Displays when you mouse over the topic on the Cray Portal.
There might be an instance where both of the SMWs in an HA pair have been powered down. This could be due to an install, upgrade, planned test, or a power outage. In any of these events, it is best practice to follow a simple procedure to bring the SMWs back online in the quickest and least impactive way.
- Power on the first SMW.
- Wait for the first SMW to complete its boot and start all cluster resources.
The SMW now should have started all cluster resources except for STONITH on the first SMW. If it hasn't, refer to the troubleshooting section in this document.
- Validate the status of the SMWs if the SMWs were powered down due to a failure.
- Check dmesg for errors.
If any errors are found, correct them before continuing onto the next step.
- Check /var/opt/cray/log/smwmessages-<DATE> for errors.
If any errors are found, correct them before continuing onto the next step.
- Check Boot RAID filesystems using fsck if SMWs were powered down due to failure.
Run the tool in query only mode since the filesystems are mounted.
If a problem is found, run the following substeps:
- Put the SMW into standby to stop all resources.
smw1# crm node standby smw1
- Execute fsck or equivalent on the filesystem to repair any corruption.
- Once all filesystems have been recovered, bring the SMW back online
smw1# crm node online smw1
- Power on the second SMW.
The SMW now should have started all cluster resources except for STONITH on the second SMW. If it hasn't, refer to the troubleshooting section in this document.

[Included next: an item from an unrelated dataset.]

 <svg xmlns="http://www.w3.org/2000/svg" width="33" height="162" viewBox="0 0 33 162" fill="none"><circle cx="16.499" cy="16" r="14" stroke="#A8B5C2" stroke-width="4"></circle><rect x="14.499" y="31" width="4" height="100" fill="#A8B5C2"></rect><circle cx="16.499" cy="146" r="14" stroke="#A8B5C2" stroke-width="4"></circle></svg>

- Wait for the second SMW to complete its boot and start the remaining cluster resources.
- Once both SMWs are booted and all resources have started check the cluster state
smw1# check_config smw1 smw2 smw1-drac-ip smw2-drac-ip
Ignore warnings about not being able to contact the boot node.
If check_config reports errors, resolve the errors and execute check_config again. If errors continue to be reported, contact support.
When no errors are reported, continue with other site specific SMW checks and CLE boot.